Try it: Restate the whole listing below word for word and keep the images out.

Material for this exercise:
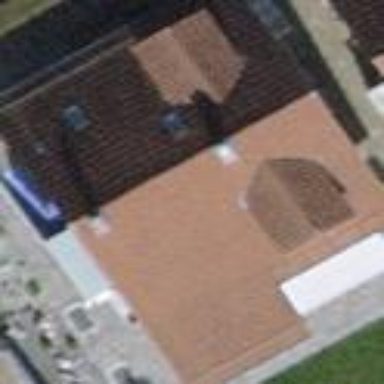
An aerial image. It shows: Gabled house with the roof oriented across.
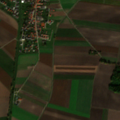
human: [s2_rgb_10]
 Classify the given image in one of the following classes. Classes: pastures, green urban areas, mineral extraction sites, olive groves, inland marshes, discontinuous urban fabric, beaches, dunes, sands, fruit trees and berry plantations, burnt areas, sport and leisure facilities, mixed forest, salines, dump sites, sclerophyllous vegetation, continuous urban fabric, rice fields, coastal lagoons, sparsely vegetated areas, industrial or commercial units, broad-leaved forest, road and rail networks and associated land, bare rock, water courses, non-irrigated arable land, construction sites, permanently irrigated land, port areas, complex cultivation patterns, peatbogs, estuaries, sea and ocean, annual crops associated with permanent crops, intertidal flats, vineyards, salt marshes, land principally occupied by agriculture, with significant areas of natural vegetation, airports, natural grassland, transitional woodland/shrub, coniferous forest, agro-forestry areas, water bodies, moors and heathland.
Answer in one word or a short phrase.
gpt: discontinuous urban fabric, non-irrigated arable land
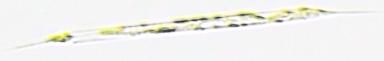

Exercise solution:
An aerial image. It shows: Gabled house with the roof oriented across.
human: [s2_rgb_10]
 Classify the given image in one of the following classes. Classes: pastures, green urban areas, mineral extraction sites, olive groves, inland marshes, discontinuous urban fabric, beaches, dunes, sands, fruit trees and berry plantations, burnt areas, sport and leisure facilities, mixed forest, salines, dump sites, sclerophyllous vegetation, continuous urban fabric, rice fields, coastal lagoons, sparsely vegetated areas, industrial or commercial units, broad-leaved forest, road and rail networks and associated land, bare rock, water courses, non-irrigated arable land, construction sites, permanently irrigated land, port areas, complex cultivation patterns, peatbogs, estuaries, sea and ocean, annual crops associated with permanent crops, intertidal flats, vineyards, salt marshes, land principally occupied by agriculture, with significant areas of natural vegetation, airports, natural grassland, transitional woodland/shrub, coniferous forest, agro-forestry areas, water bodies, moors and heathland.
Answer in one word or a short phrase.
gpt: discontinuous urban fabric, non-irrigated arable land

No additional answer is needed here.